In the current difficult operating environment of government linked companies and the reported incidents of hidden corporate scandals in Malaysia, new corporate leaders and incoming board of directors are faced with the risks of personal liability for breach of directors duties and breach of employment contracts for failing to act in the best interests of their companies.
Ticking time bombs in the form of undisclosed illegal conduct and ongoing offenses are of primary concern.
Some of the ways in which risks can be managed, minimized and or hopefully avoided are as follows:
1. Encourage employees to speak up about any wrongdoings they are aware of.
2. Implement a Whistleblower Program and Hotline.
3. Undertake an Internal Compliance Review.
4. Undertake Corporate Internal Investigations based on reported or discovered wrongdoing or misdeeds.
Even with a new CEO and Board of Directors, much of the old management and employees will remain in the company. How do we ensure that an independent compliance health check and or an internal investigation is truly transparent and independent?
Conflicts of interests will be a major minefield to navigate. It is tough to expect culprits to admit to wrongdoing. The tendency will be to hide the misdeeds and shred incriminating documents ala the Enron saga. Hence the need for independent outside counsel and financial accountants to undertake compliance health checks and internal investigations.
When choosing outside counsels and financial accountants, conflicts of interests will arise at two levels:
1. Transactional Conflicts of Interests
Existing panels of outside lawyers and financial accountants may have acted in some of the transactions and are thus conflicted from acting due to transactional conflicts of interest.

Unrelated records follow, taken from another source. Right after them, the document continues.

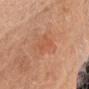Assessment:
The lesion was tiled from a total-body skin photograph and was not biopsied.
Acquisition and patient details:
Automated tile analysis of the lesion measured a shape eccentricity near 0.75 and two-axis asymmetry of about 0.2. And it measured a border-irregularity rating of about 2.5/10, internal color variation of about 3.5 on a 0–10 scale, and radial color variation of about 1. And it measured lesion-presence confidence of about 100/100. From the head or neck. Cropped from a whole-body photographic skin survey; the tile spans about 15 mm. Imaged with white-light lighting. A female patient, roughly 70 years of age. The recorded lesion diameter is about 3.5 mm.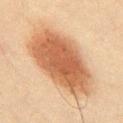Captured during whole-body skin photography for melanoma surveillance; the lesion was not biopsied.
The subject is a male aged 58 to 62.
A close-up tile cropped from a whole-body skin photograph, about 15 mm across.
Measured at roughly 9 mm in maximum diameter.
From the front of the torso.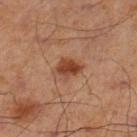Background:
The patient is a male aged 68–72. Imaged with cross-polarized lighting. This image is a 15 mm lesion crop taken from a total-body photograph. An algorithmic analysis of the crop reported an area of roughly 4.5 mm² and a symmetry-axis asymmetry near 0.25. It also reported a lesion–skin lightness drop of about 11 and a normalized lesion–skin contrast near 10. The analysis additionally found border irregularity of about 2 on a 0–10 scale, a color-variation rating of about 2.5/10, and a peripheral color-asymmetry measure near 1. The software also gave an automated nevus-likeness rating near 95 out of 100 and a lesion-detection confidence of about 100/100. Located on the left lower leg. Approximately 3 mm at its widest.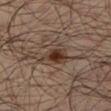This lesion was catalogued during total-body skin photography and was not selected for biopsy.
Imaged with cross-polarized lighting.
The lesion is on the left lower leg.
About 4 mm across.
A male subject about 35 years old.
A close-up tile cropped from a whole-body skin photograph, about 15 mm across.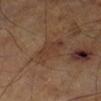notes: imaged on a skin check; not biopsied | imaging modality: ~15 mm crop, total-body skin-cancer survey | lesion size: about 4.5 mm | lighting: cross-polarized illumination | patient: male, aged 63–67 | anatomic site: the left leg | automated lesion analysis: a classifier nevus-likeness of about 0/100.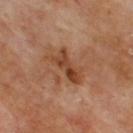| key | value |
|---|---|
| biopsy status | total-body-photography surveillance lesion; no biopsy |
| illumination | cross-polarized |
| subject | male, aged around 70 |
| lesion diameter | ~4.5 mm (longest diameter) |
| location | the back |
| image | total-body-photography crop, ~15 mm field of view |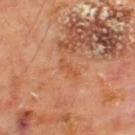The lesion was tiled from a total-body skin photograph and was not biopsied.
A male patient aged approximately 65.
A 15 mm close-up tile from a total-body photography series done for melanoma screening.
An algorithmic analysis of the crop reported an area of roughly 2.5 mm² and two-axis asymmetry of about 0.45. The software also gave border irregularity of about 5 on a 0–10 scale, internal color variation of about 0 on a 0–10 scale, and peripheral color asymmetry of about 0. The software also gave a nevus-likeness score of about 0/100 and a detector confidence of about 100 out of 100 that the crop contains a lesion.
Located on the upper back.
Approximately 2.5 mm at its widest.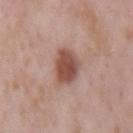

2. Relational Conflicts of Interests
Existing panels of outside lawyers and financial accountants may have built relationships with the past management of the company and are ethically subject to relational conflicts of interest.
In 2003, the Conference Board issued a report Commission on Public Trust and Private Enterprise – which stated:
In the event an independent investigation is reasonably likely to implicate company executives, the board — not management — should retain special counsel for this investigation. Special investigations of company activities that may implicate the conduct of company executives require independence from management. Typically, lawyers and law firms are in the best position to conduct investigations, and care must be taken that these investigations are conducted thoroughly, vigorously, and objectively. It is important, therefore, that investigative counsel be chosen by, and report directly to, the board. To ensure that special counsel’s interests are not aligned with, or influenced by, management, the Commission believes that special counsel should not be one of the corporation’s regular outside counsel or a firm that receives a material amount of revenue from the company.
While the above statement is applicable to corporate internal investigations where there is no change of CEO or directors, it is even more applicable where a change of corporate leadership has occurred as the new management and board have no historical knowledge of what happened in the company and the remaining management and employees will have an advantage if they are so inclined to hide wrongdoings and misdeeds.
The solution then is to engage truly independent outside counsels and financial accountants free from transactional and relational conflicts of interest to assist in corporate internal investigations and compliance healthchecks.